• _Dataset entries_

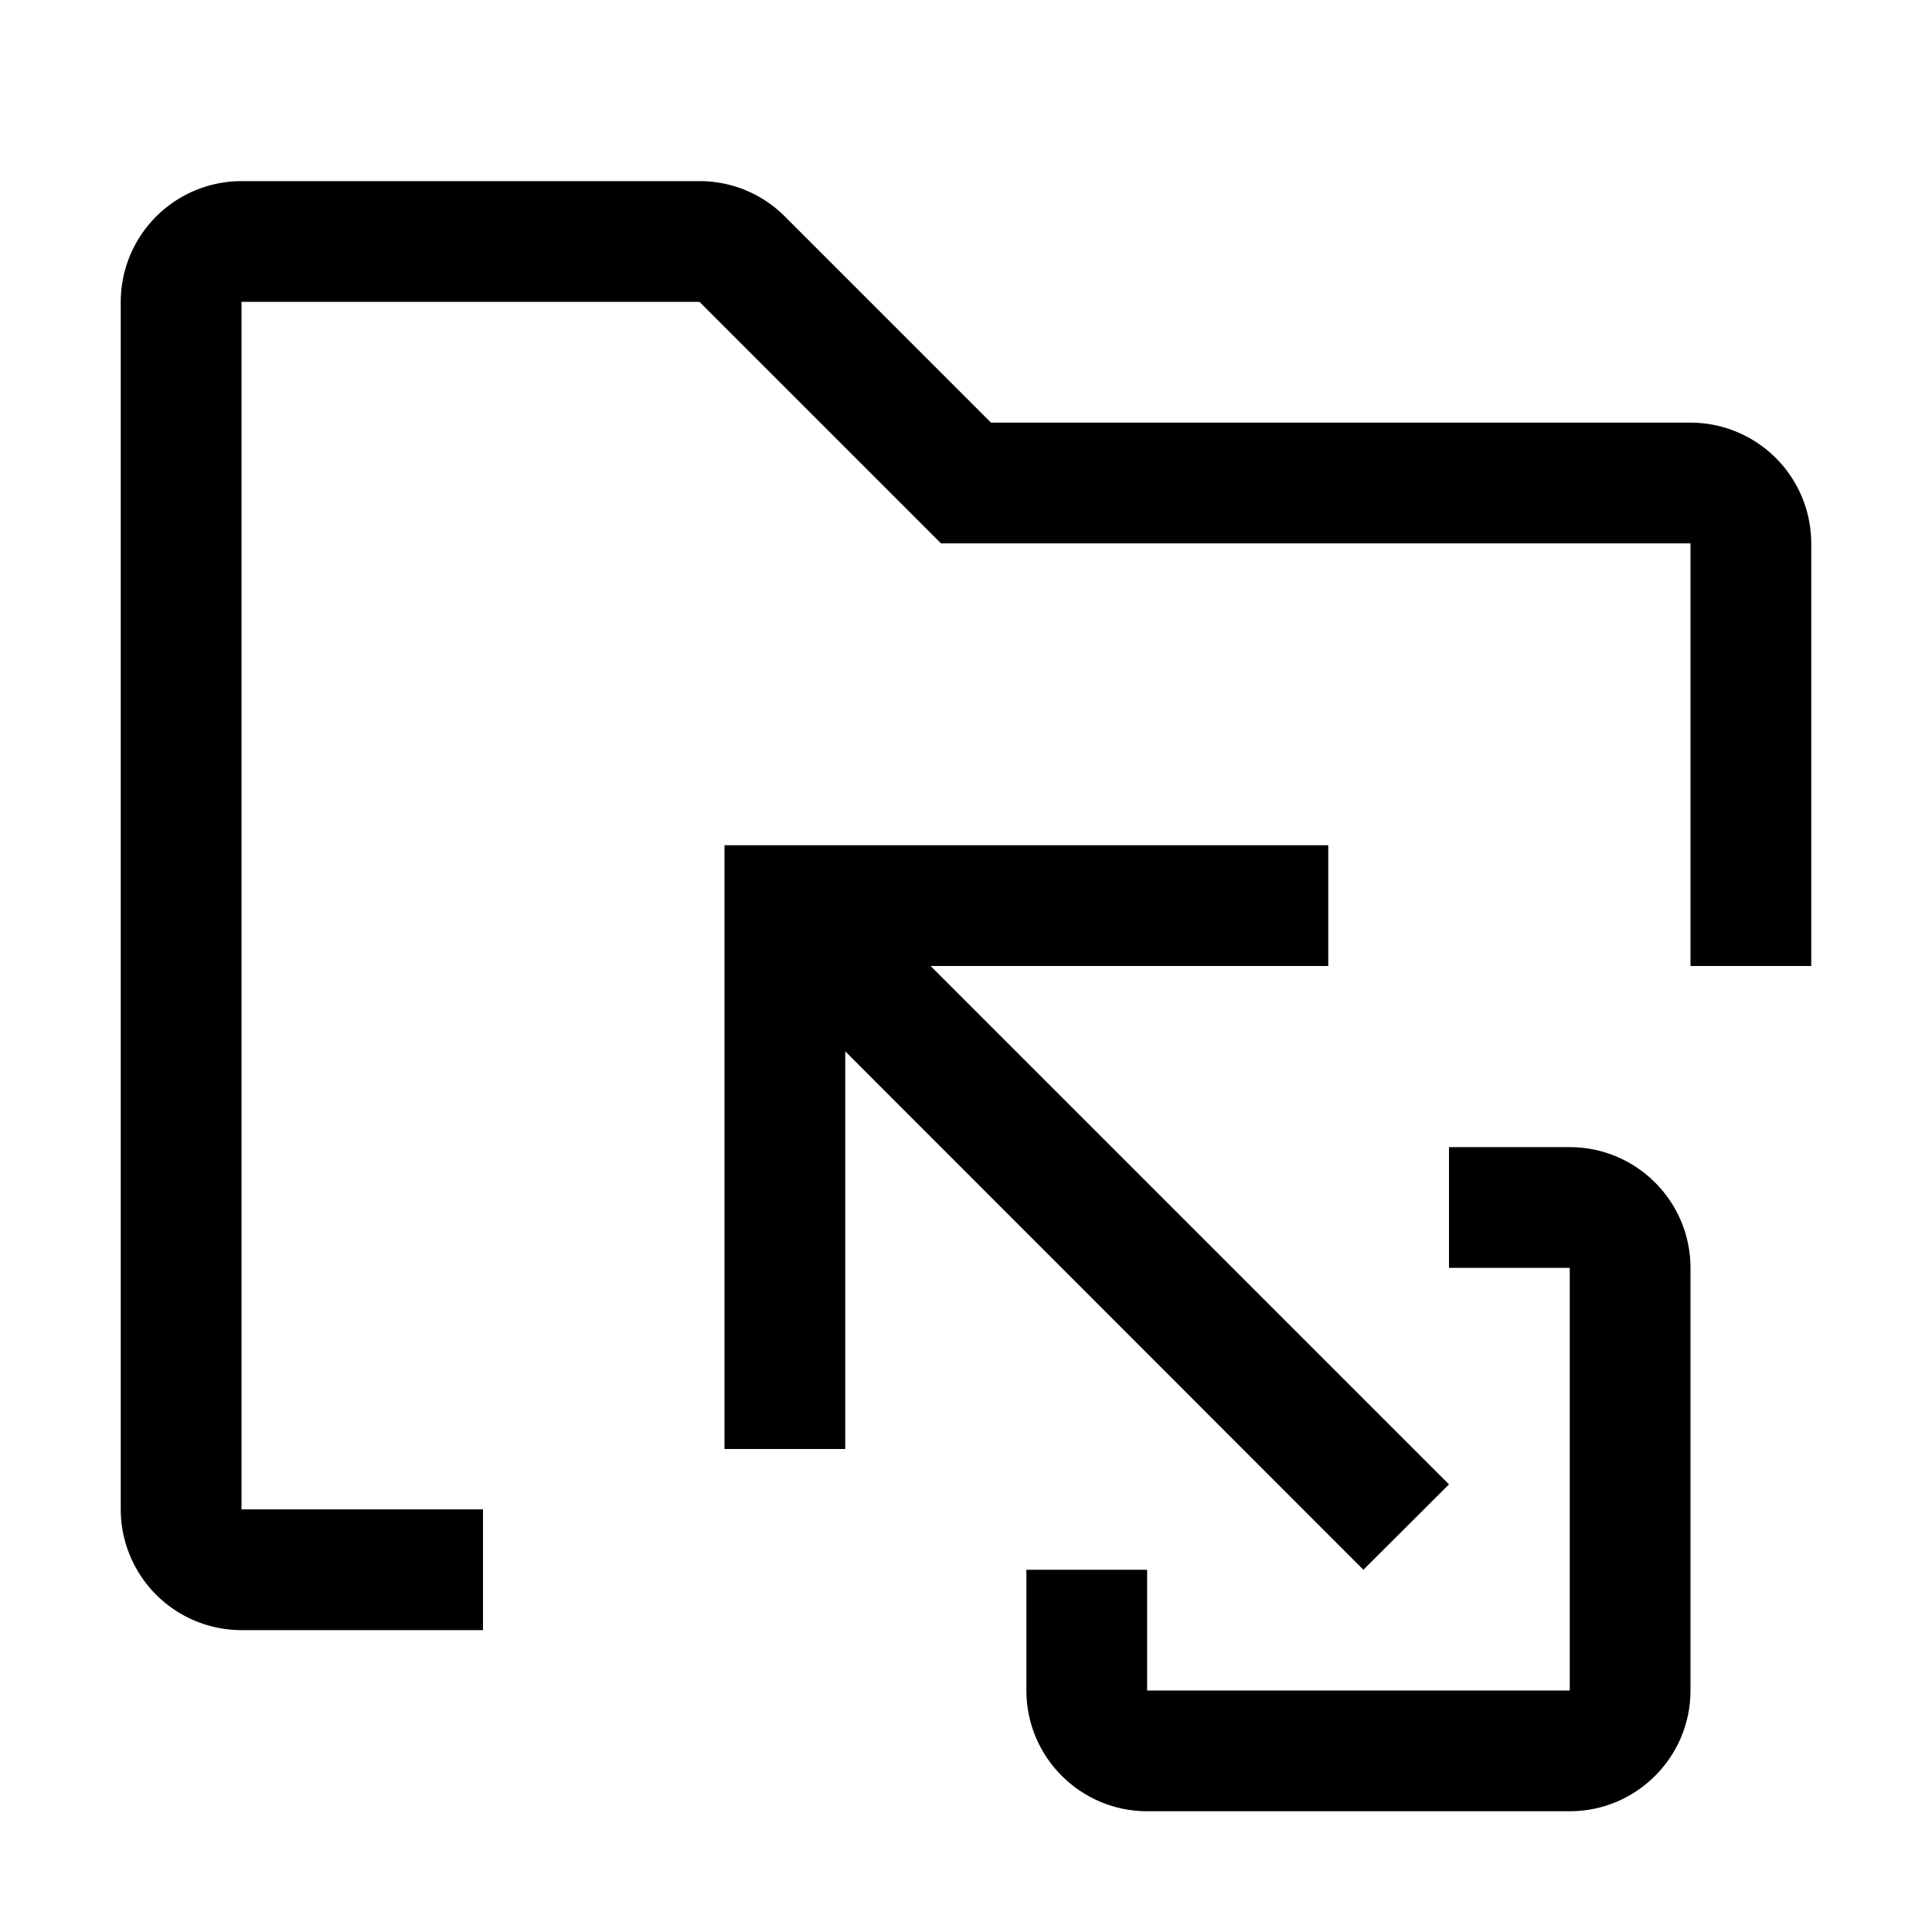 <?xml version="1.0" encoding="iso-8859-1"?>
<!-- Generator: www.svgicons.com -->
<svg xmlns="http://www.w3.org/2000/svg" width="800" height="800" viewBox="0 0 32 32">
<path fill="currentColor" d="M26 30h-7c-1.103 0-2-.897-2-2v-2h2v2h7v-7h-2v-2h2c1.103 0 2 .897 2 2v7c0 1.103-.897 2-2 2"/><path fill="currentColor" d="M12 24h2v-6.586L22.582 26L24 24.586L15.414 16H22v-2H12z"/><path fill="currentColor" d="M8 27H4a2.002 2.002 0 0 1-2-2V5a2.002 2.002 0 0 1 2-2h7.586A1.99 1.99 0 0 1 13 3.586L16.414 7H28a2.002 2.002 0 0 1 2 2v7h-2V9H15.586l-4-4H4v20h4z"/>
</svg>

• _Exercise directions_
Set down all the entries above verbatim, and include none of the pictures.

• _Reply to the exercise_
 <?xml version="1.0" encoding="iso-8859-1"?>
<!-- Generator: www.svgicons.com -->
<svg xmlns="http://www.w3.org/2000/svg" width="800" height="800" viewBox="0 0 32 32">
<path fill="currentColor" d="M26 30h-7c-1.103 0-2-.897-2-2v-2h2v2h7v-7h-2v-2h2c1.103 0 2 .897 2 2v7c0 1.103-.897 2-2 2"/><path fill="currentColor" d="M12 24h2v-6.586L22.582 26L24 24.586L15.414 16H22v-2H12z"/><path fill="currentColor" d="M8 27H4a2.002 2.002 0 0 1-2-2V5a2.002 2.002 0 0 1 2-2h7.586A1.99 1.99 0 0 1 13 3.586L16.414 7H28a2.002 2.002 0 0 1 2 2v7h-2V9H15.586l-4-4H4v20h4z"/>
</svg>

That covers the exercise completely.